JP2001337318A - Liquid crystal display element - Google Patents

Abstract

PROBLEM TO BE SOLVED: To enable a liquid crystal display element to cope with a gradation display while gradually varying the color tone of a specified display color along a specified direction by a simple photomask design and also to freely set the gradation grade. SOLUTION: For example, a first blue coloring layer 41 and a second light blue coloring layer 43 are formed as a wedge shaped engaging pattern.

Description

DETAILED DESCRIPTION OF THE INVENTION

[0001]

BACKGROUND OF THE INVENTION 1. Field of the Invention The present invention relates to a liquid crystal display device having a colored layer on the inner surface of a substrate, and more particularly, to a liquid crystal display device having a gradation display function in which the color tone of the display color gradually changes in a specific direction. It relates to an element.

[0002]

2. Description of the Related Art In a color display liquid crystal display device having a colored layer on the inner surface of a substrate, a method of realizing a display having a so-called gradation in which the color tone changes smoothly along a specific direction is roughly divided into the following two methods. Methods are known.

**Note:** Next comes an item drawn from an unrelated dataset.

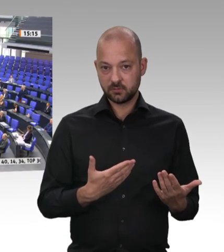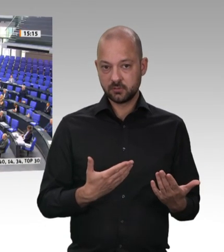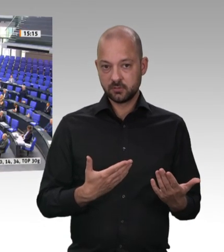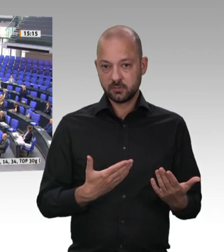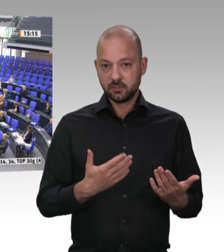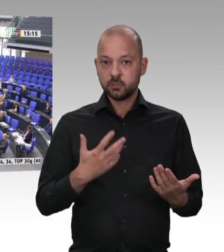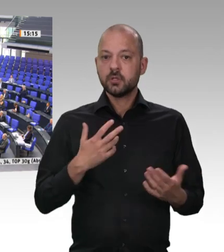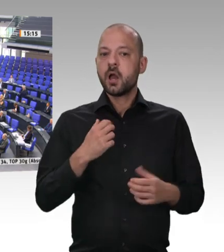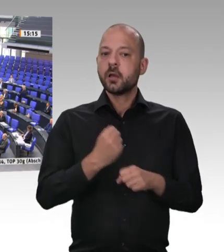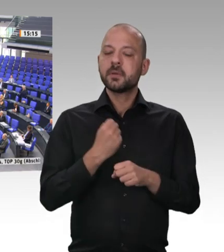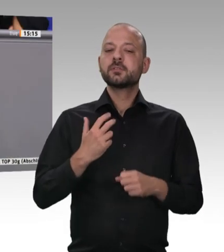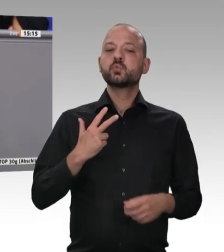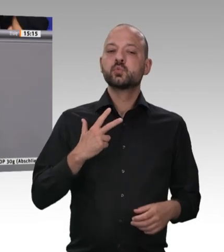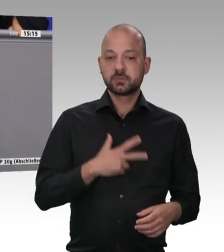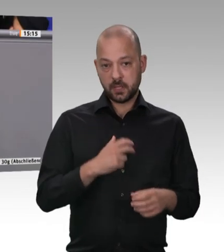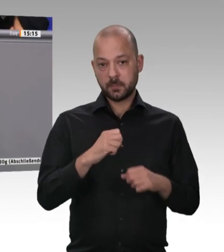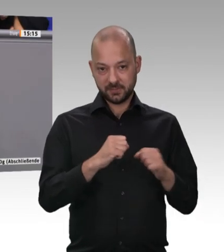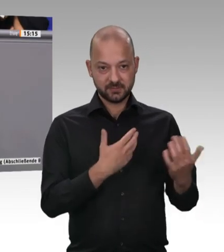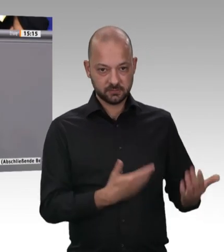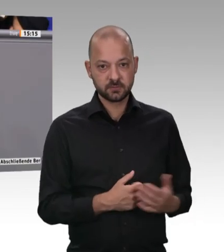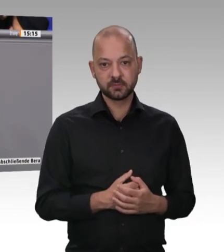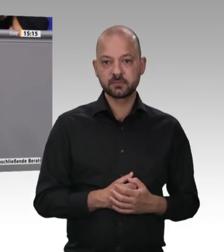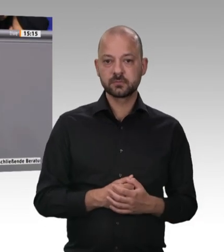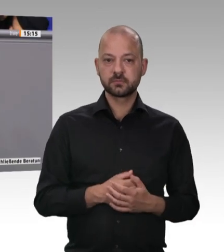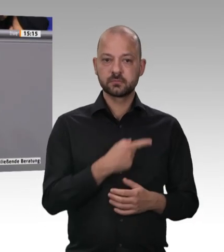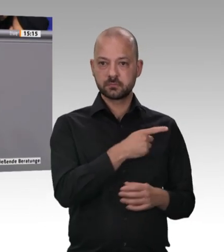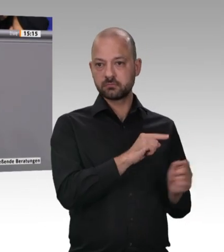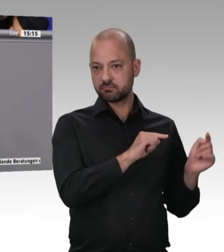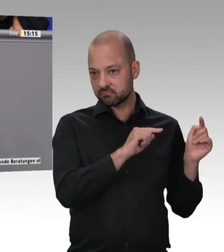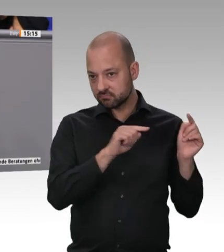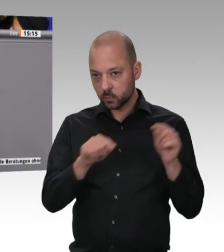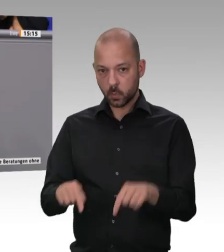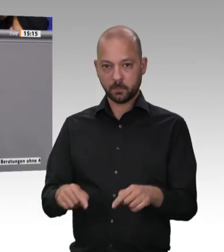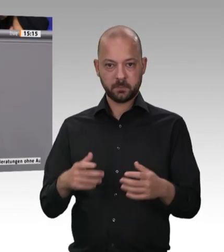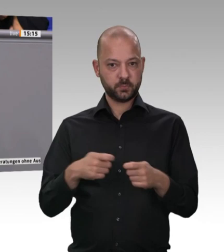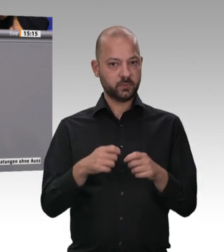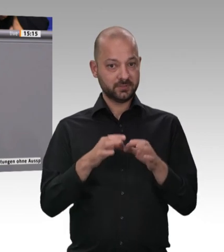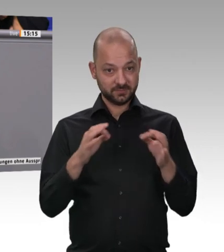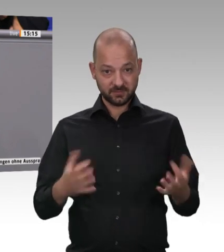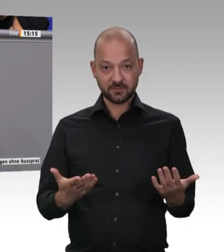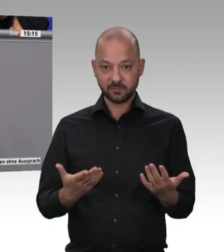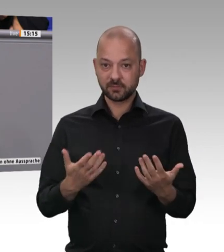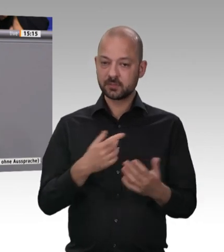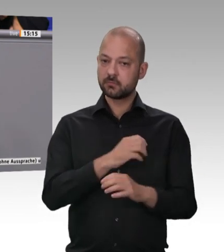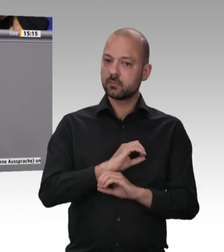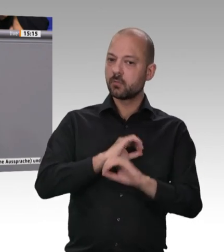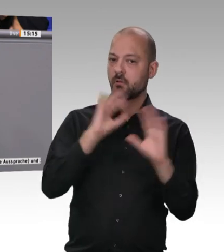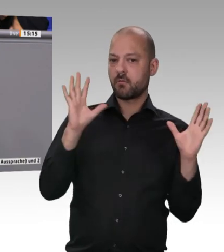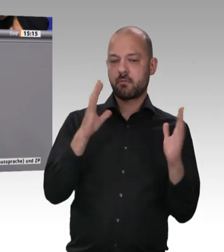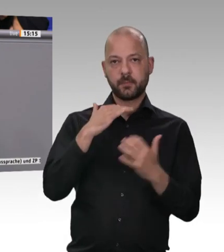Wir bekommen das nämlich nur hin, wenn wir Bundesgesetzgebung und die Verantwortung der Länder eng zusammenführen. Er hat uns für dieses Eckpunktepapier in einem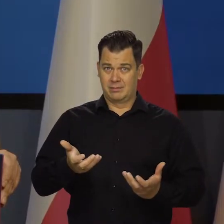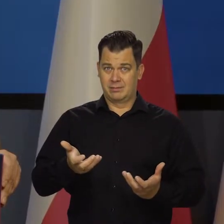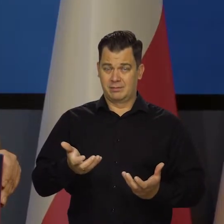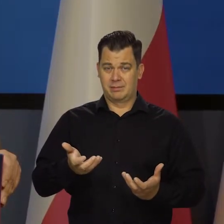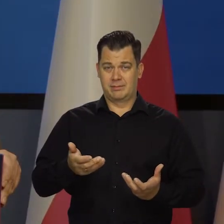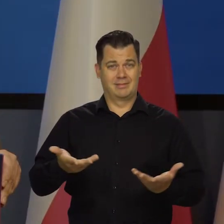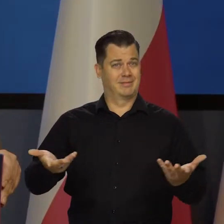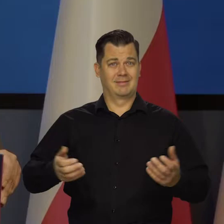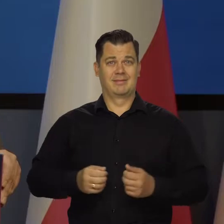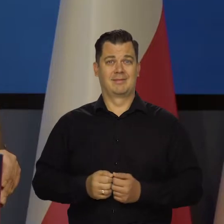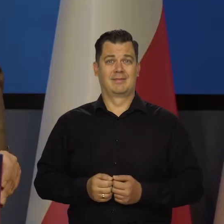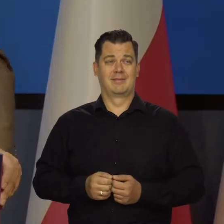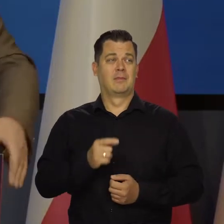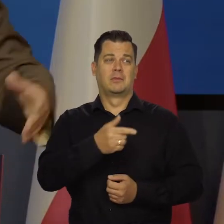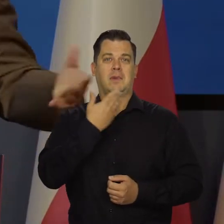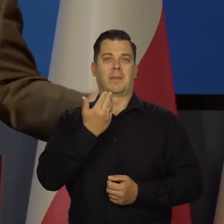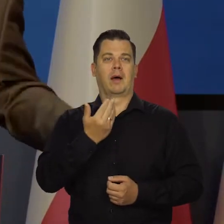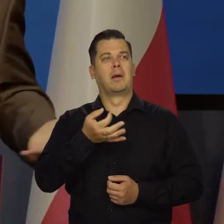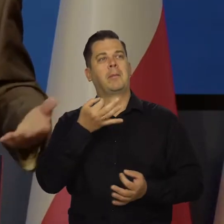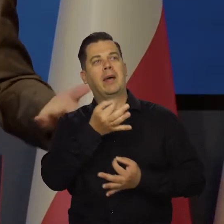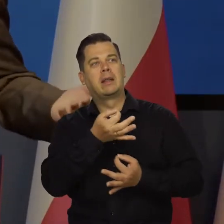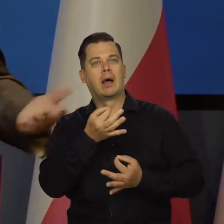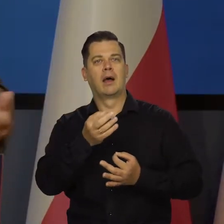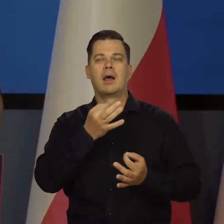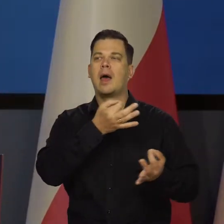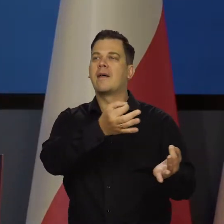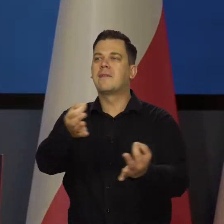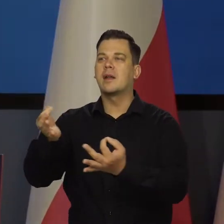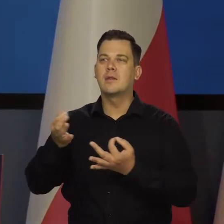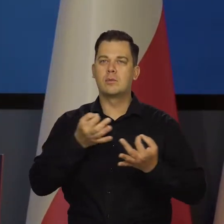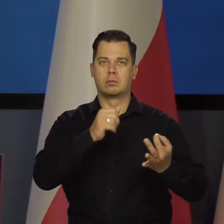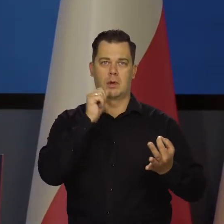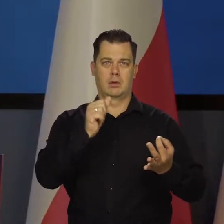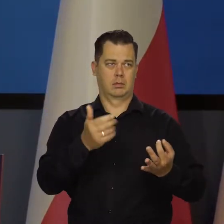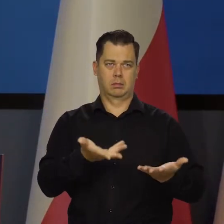Przecież nikt w żadnym demokratycznym referendum czy gdzieś się nie wypowiadał w tej sprawie,

For example, a description will be given of character dot display using 5 × 7 dots (pixels) as one display unit.
Is a method in which different colors are blended for each pixel and shaded along the display, for example, in the vertical direction. The second method is a method in which each pixel is decomposed into smaller pixels, and color adjustment is performed by gradually changing the occupancy of two colors in a large pixel.

[0004]

However, the first method has a problem that the number of man-hours increases and the cost increases because the number of blended colors is large.

In the second method, although the color can be freely adjusted, a high precision of a photomask and a high positional accuracy of coloring are required to produce fine pixels. There was a problem that the above burden was large.

[0006]

According to a feature of the present invention,
Since a very high coloring position accuracy is not required, it is possible to cope with a simple photomask design, and the gradient of the gradation can be set freely.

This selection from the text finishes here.